The Roman estate in Manhattan stood silent beneath the pale morning light.
Tall windows framed the skyline like a painting — glass and steel shimmering against the mist rising from the Hudson. Inside, the mansion felt colder than usual. Every sound — the faint hum of electricity, the whisper of the HVAC — pressed against Amara Roman's skin as though the house itself were breathing.
She sat alone in her father's study.
The scent of polished mahogany and old paper clung to the air, mingling with the faint static that had followed her since dawn.
On the desk before her lay the pendant — a small fragment of metal, dull gray, veined faintly with gold.
She had found it weeks ago among the wreckage of the containment chamber, after everything fell apart — after Chuka disappeared.
It shouldn't have survived the blast, but somehow it had.
And somehow, it had changed her.
For the past three nights, she hadn't been able to sleep.
Every time she closed her eyes, she saw light beneath stone — a pulse running through the earth, slow and ancient.
Sometimes she heard a voice too, distant but familiar. It never said her name, yet she knew it was calling her.
Now, as morning settled over Manhattan, the hum returned.
It began softly — a vibration under her ribs, growing stronger until her fingers trembled. The pendant on the desk vibrated once, then glowed faintly. She reached for it.
Her reflection in the desk's glass surface flickered — for a moment, her pupils caught the same faint golden ring she had seen in Chuka's eyes.
Her breath caught.
"Not again," she whispered. "Not now."
But it was too late.
A wave of warmth rippled through her, carrying images that weren't hers — red earth, winding rivers, wind over stone. She could feel him there, beneath that sky. Chuka. Alive. Awake.
The pulse in her chest aligned with something far away — steady, certain, alive.
And for a heartbeat, she swore the distance between them disappeared.
A voice stirred within her mind — not his, but older, layered like an echo in time:
> The others will feel you now.
Her grip tightened on the pendant. "Who's there?" she whispered. "What others?"
The silence that followed was heavier than the question.
She set the metal fragment down, its faint hum lingering even after she released it.
Across the room, the door creaked open.
Her father's assistant — tall, immaculate, his expression neutral — stepped in. "Miss Roman," he said softly, "your father requests you in the west wing. He's been… concerned."
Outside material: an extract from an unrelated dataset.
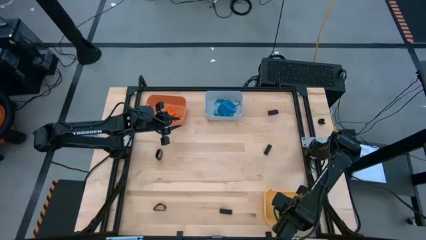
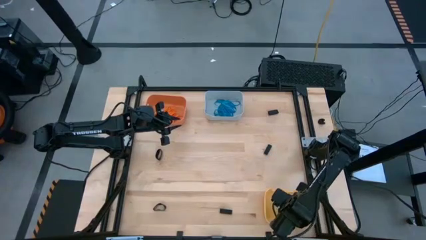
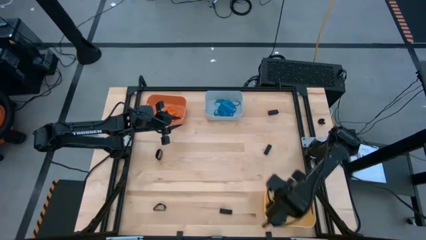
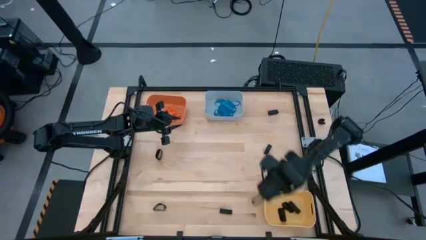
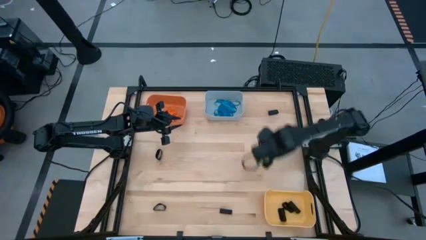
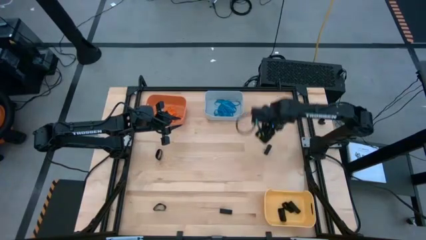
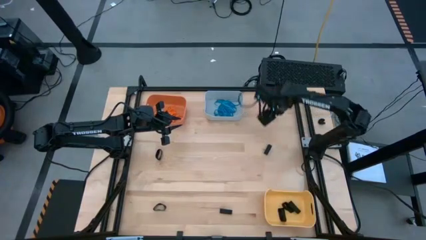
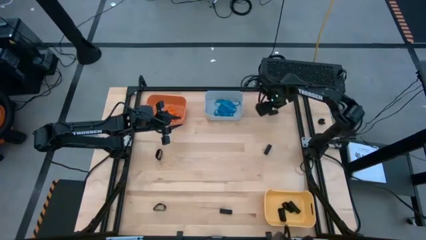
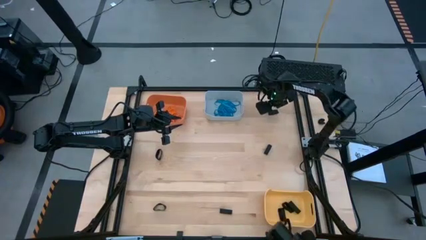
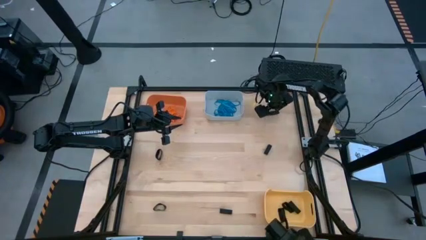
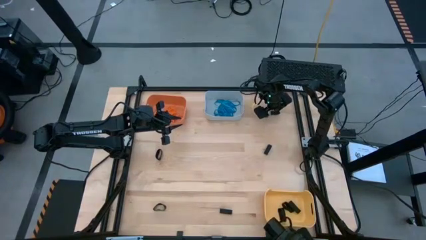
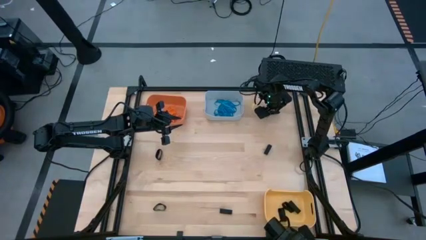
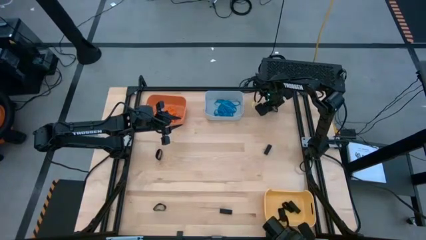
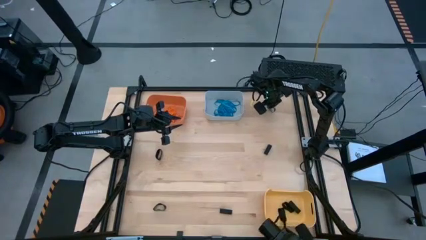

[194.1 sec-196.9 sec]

Amara nodded, hiding the tremor in her hand. "Tell him I'll be there soon."
The man hesitated. "He also asked if you've been sleeping."
She forced a small smile. "Tell him I sleep fine."
When the door shut, her mask slipped.
Her heart was still racing. The hum was still there — constant, alive, responding to every thought.
She turned toward the window.
From the Roman tower's upper floor, the city stretched endlessly — taxis, cranes, the ceaseless rhythm of civilization. But somewhere beneath all that noise, she could feel the earth. The pulse below Manhattan wasn't natural — it was resonating with something deep in Jos, answering Chuka's awakening across the ocean.
> He's awake, the whisper came again, clearer this time. And the Heart remembers.
She pressed her palm to the glass. A faint pattern of light rippled across it, following her touch before fading.
Amara swallowed hard.
She knew what that meant — the same energy that had infected the relic was now inside her.
A voice from her memory surfaced — her father's, cold and resolute:
> "The Amours aren't myths, Amara. They're keys. Whoever learns to control them controls the world itself."
She had never believed him. Not until now.
The pendant flickered once more, its glow dimming like a heartbeat fading beneath the skin.
And in that instant, she made a silent vow:
If her father was still chasing the power Chuka tried to protect —
then she would find Chuka first.
Before Chief Roman did.
Outside, a storm gathered over Manhattan, dark clouds rolling in from the sea.
The first drop of rain struck the glass as Amara turned away from the window, unaware that across the world, the same wind stirred the dust over the Jos Plateau.
Two awakenings.
One connection.
And a silence between them that no ocean could hold.